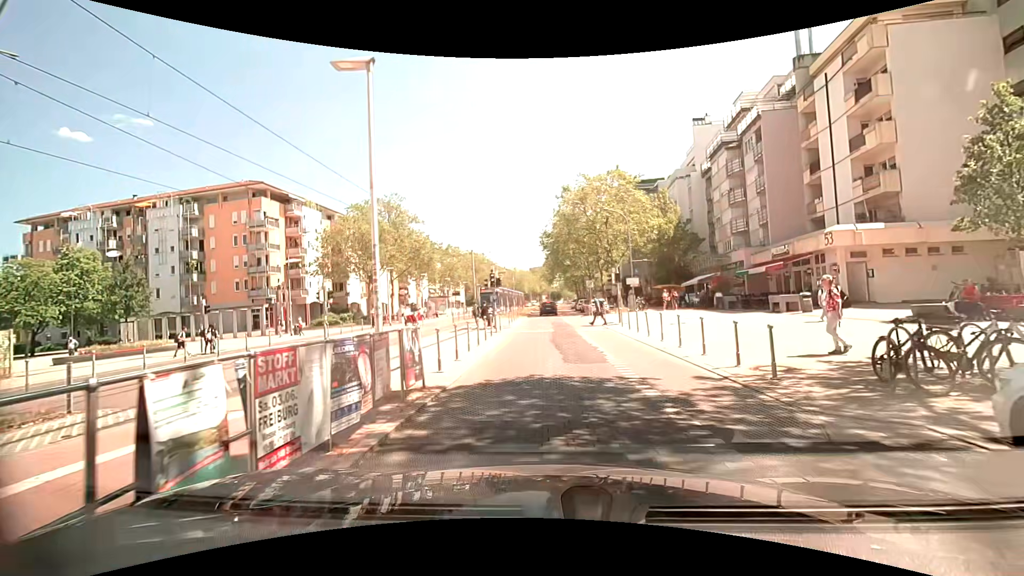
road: tertiary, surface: paving_stones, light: Day
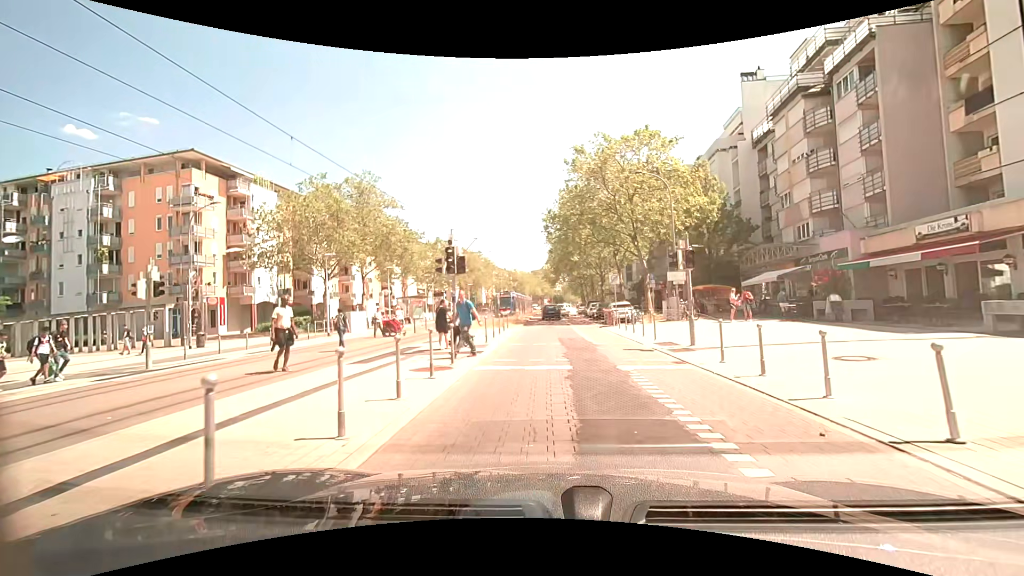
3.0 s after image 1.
(+0.1, +13.1) m; +1°
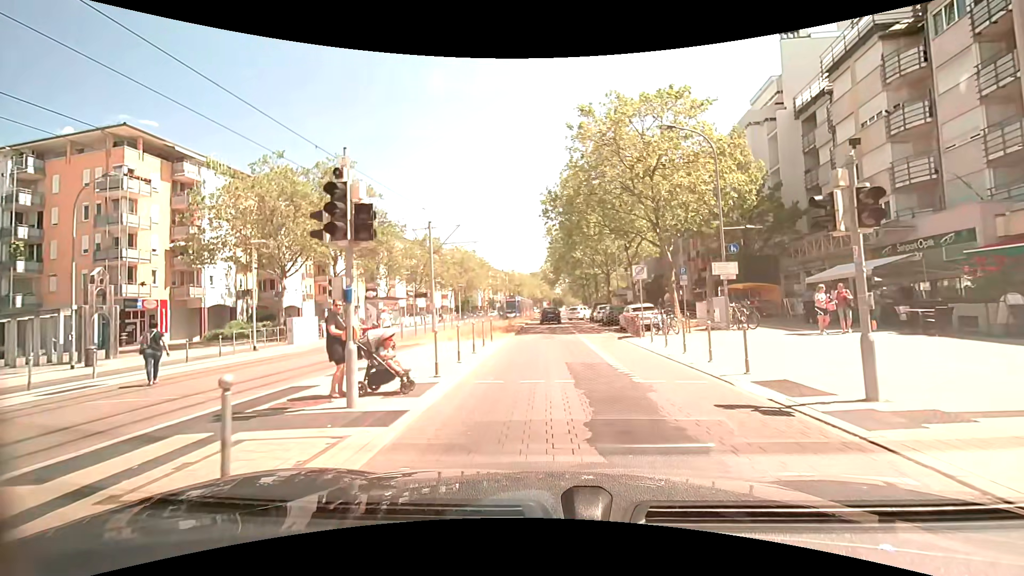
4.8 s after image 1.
(0.0, +7.9) m; -1°
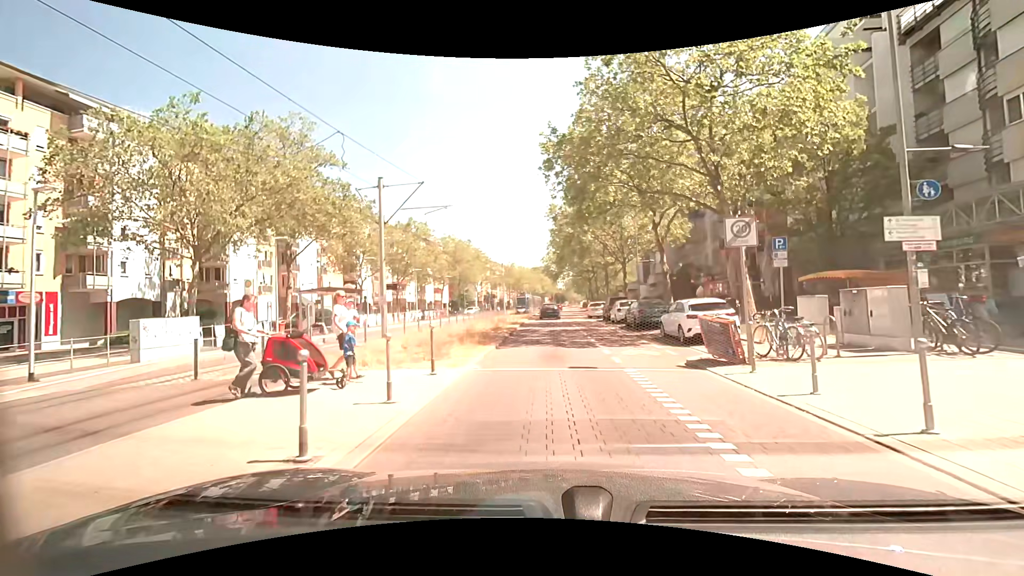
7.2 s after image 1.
--------------------------------
◆ Task objective: Quote in full the listing given above; the images are to be left out.

◆ Task solution:
road: tertiary, surface: paving_stones, light: Day
3.0 s after image 1.
(+0.1, +13.1) m; +1°
4.8 s after image 1.
(0.0, +7.9) m; -1°
7.2 s after image 1.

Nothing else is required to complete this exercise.